Thank you for the question, David. Ill let Jim Teague answer that question, whos in control of our marketing facilities. Jim?
Could you repeat that question?
Could you repeat the question one more time?
Yeah. The NGL marketing area portion of processing hurt you in the fractionation area there, and so Im wondering what the current you identified that in your write up. Im wondering what the current dynamics are in that marketing business and, you know with, that volatility, Im wondering how you could reduce the volatility in the future?
One of the things weve seen with the light propane season this year is that it affected us in terms of our wholesale propane marketing. Thats kicked in rather heavily as we got into December, so we should see improved results of that going forward into the first quarter. Thats one of the primary areas. In terms of decreasing the volatility, were becoming much more focused in our asset people working together with our marketing people. Remember, that our primary function of our whole marketing operation is to pull products through our asset base in our pipelines, our fractionators, our processing plants. We brought in a new leader of that whole marketing area. Our whole focus is has evolved to being a support activity that pulls products through our asset base. They do this by buying product thats at the tailgate of the processing plant, selling it at the tailgate of the fractionator, booking the delta, and the like.
So by its nature then, are you as long as you keep, you know, with that approach, are you not destined to suffering weak markets and have, you know, better periods and strong markets, its just the nature of that business? Is that what you are saying?
8
Yeah, thats what our objective is, David.
David, this is Dan Duncan. Our basic concept of marketing, we do no marketing per se where we go out and buy product on a speculative basis and sell product on a speculative basis. All of our marketing as Jim explained to you, basically its a value added service. We buy products that go through our pipeline or through our storage or our fractionators, so its only set up as a support group that makes our assets make the money. So most of this so-called marketing expertise moves volumes into our pipelines and we get value added just like BEF does to include the motor gasoline. Were not in the marketing business per se to try to make money at that.

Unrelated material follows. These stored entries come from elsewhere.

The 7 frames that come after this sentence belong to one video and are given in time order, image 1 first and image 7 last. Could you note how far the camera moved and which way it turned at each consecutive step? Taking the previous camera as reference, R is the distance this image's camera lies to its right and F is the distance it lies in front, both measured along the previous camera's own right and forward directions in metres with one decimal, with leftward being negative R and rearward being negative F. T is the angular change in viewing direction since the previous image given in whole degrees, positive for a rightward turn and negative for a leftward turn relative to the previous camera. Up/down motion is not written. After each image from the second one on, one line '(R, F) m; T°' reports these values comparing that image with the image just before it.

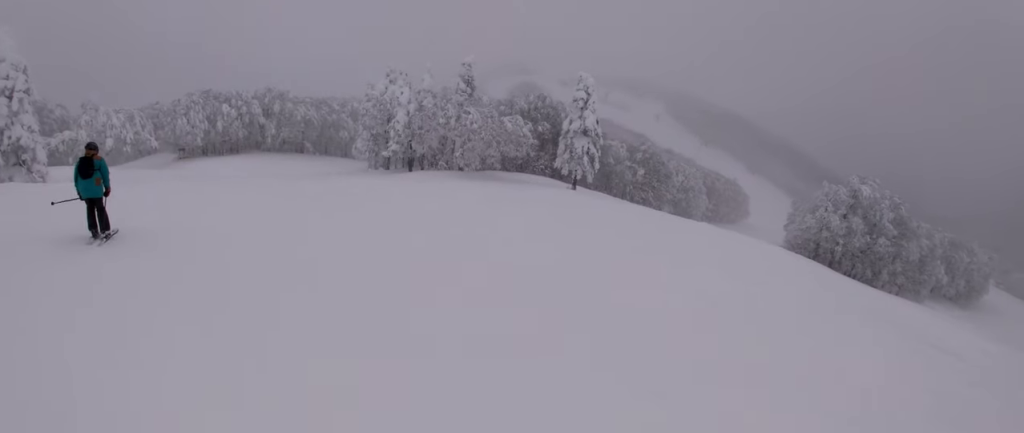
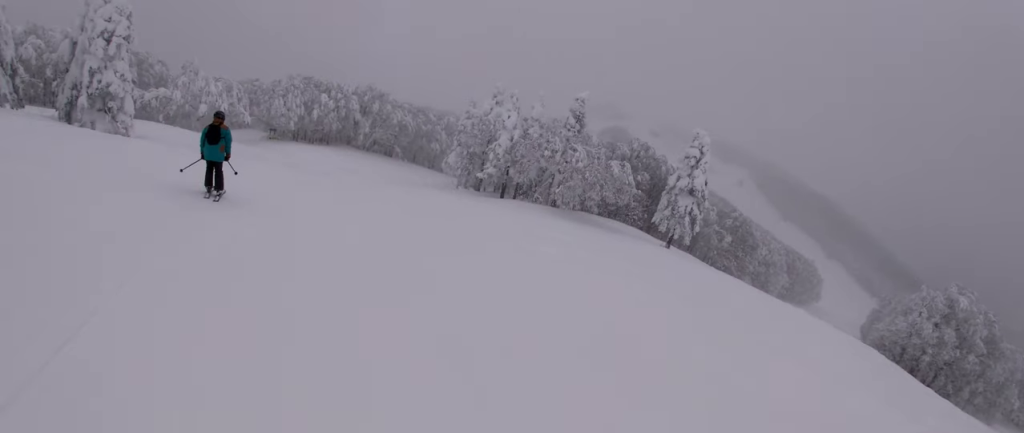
(+0.9, +3.8) m; +1°
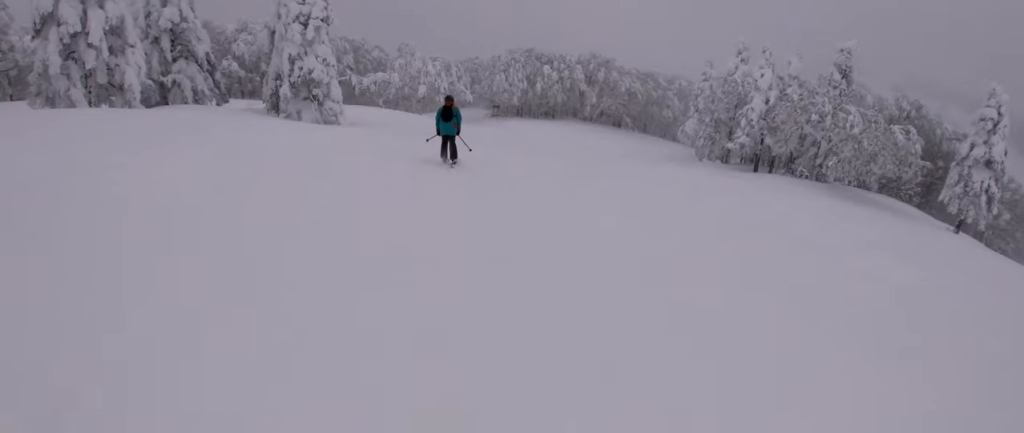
(-1.0, +5.8) m; -7°
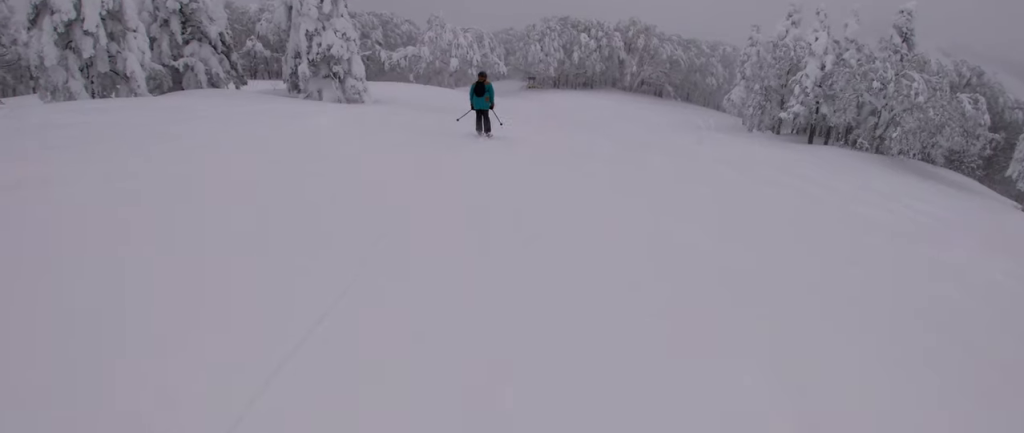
(+0.3, +2.1) m; -1°
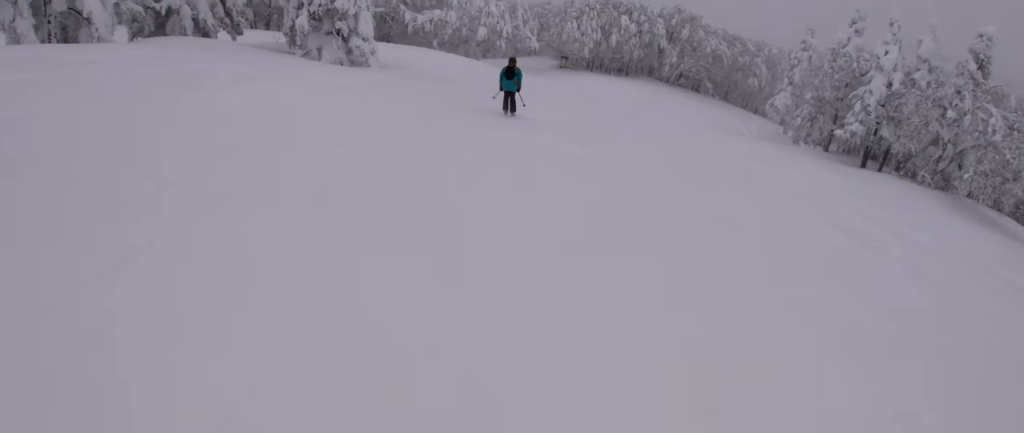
(-0.4, +4.4) m; +6°
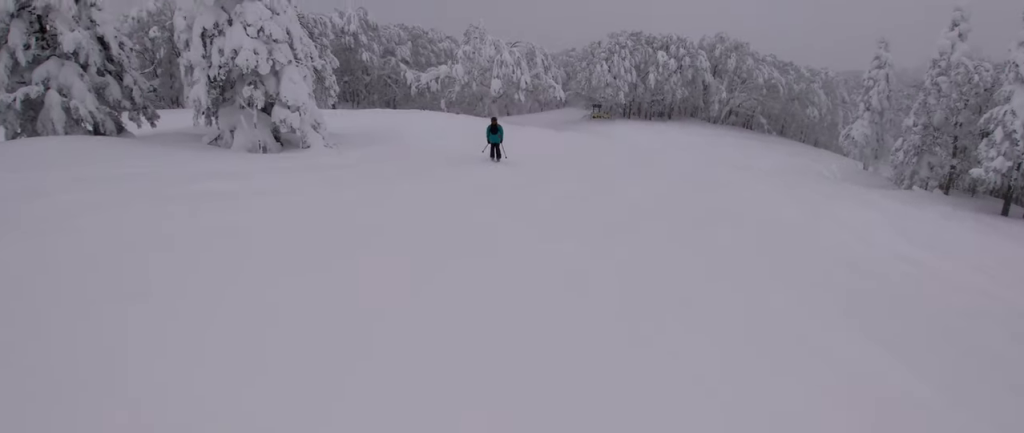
(-0.3, +11.2) m; -22°
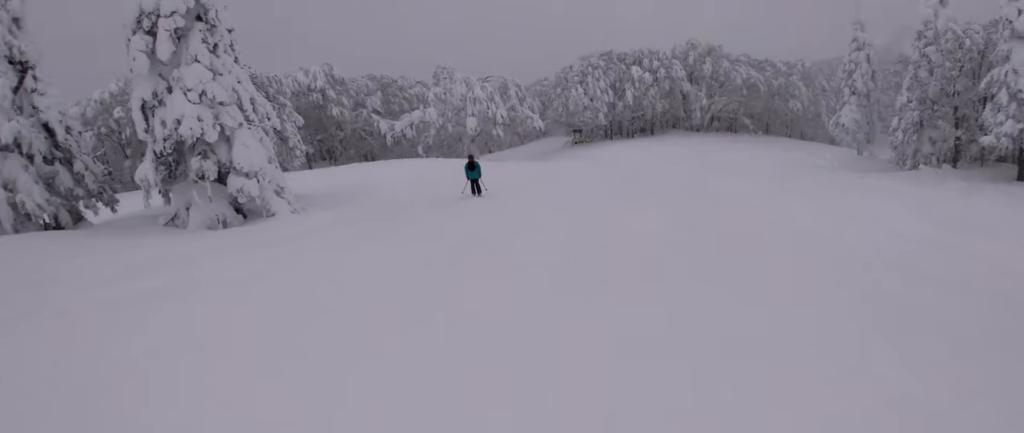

What happens sometimes is if youve got real increase in prices then youll end up with marketing profits only because the inventories you have in front of your plants and all of a sudden those inventories are much more than they were at the end of a year versus the beginning of the year. At the same token, you can have that same type of product you can actually move if the prices are worth less than at the end of the year than the beginning of the year. The marketing per se, were not in the business.
Right.
Of speculating in the marketing business.
I understand. Second question totally separate, if I can. Id love to talk about future interest expense and, you know, particularly an interest rate environment that looks like it may start to rise now. Youve on a fixed floating segment had, you know, different proportion of a higher proportion of fixed versus floating, and Im wondering, you know, how you view that today, what your thought process is, and, you know, particularly as you look at an Enterprise, GulfTerra coming into your segment with higher cost debt from there, if you have anything you can talk about at this point about, you know, your ability to lower that debt cost as well? What your average cost of debt might be in 04.
David this is Dub. What weve got is pretty much different from most MLPs. Were at a very high fixed rate of return fixed interest rate. We dont have a lot of debt that is floating. But let me have Mike expand on that with where we want to be with GulfTerra.
Yeah, David. Weve got today roughly 70% of our debt is fixed rate. A good portion of the floating rate debt is related to our acquisitions facility for the GulfTerra general partner. We do expect to pay that off here in the first half with an equity offering.
Clearly, with the closing of the GulfTerra transaction, there is a lot of opportunity for interest savings on a combined basis. We had structured the transaction and expect to close it in such a way that the GulfTerra debt will remain under GulfTerra and will be structurally subordinated to our debt. We do expect to launch a debt tender for the GulfTerra debt just prior to closing, and we expect to be able to get that debt back in at a reasonable cost and refinance it in this low interest rate environment.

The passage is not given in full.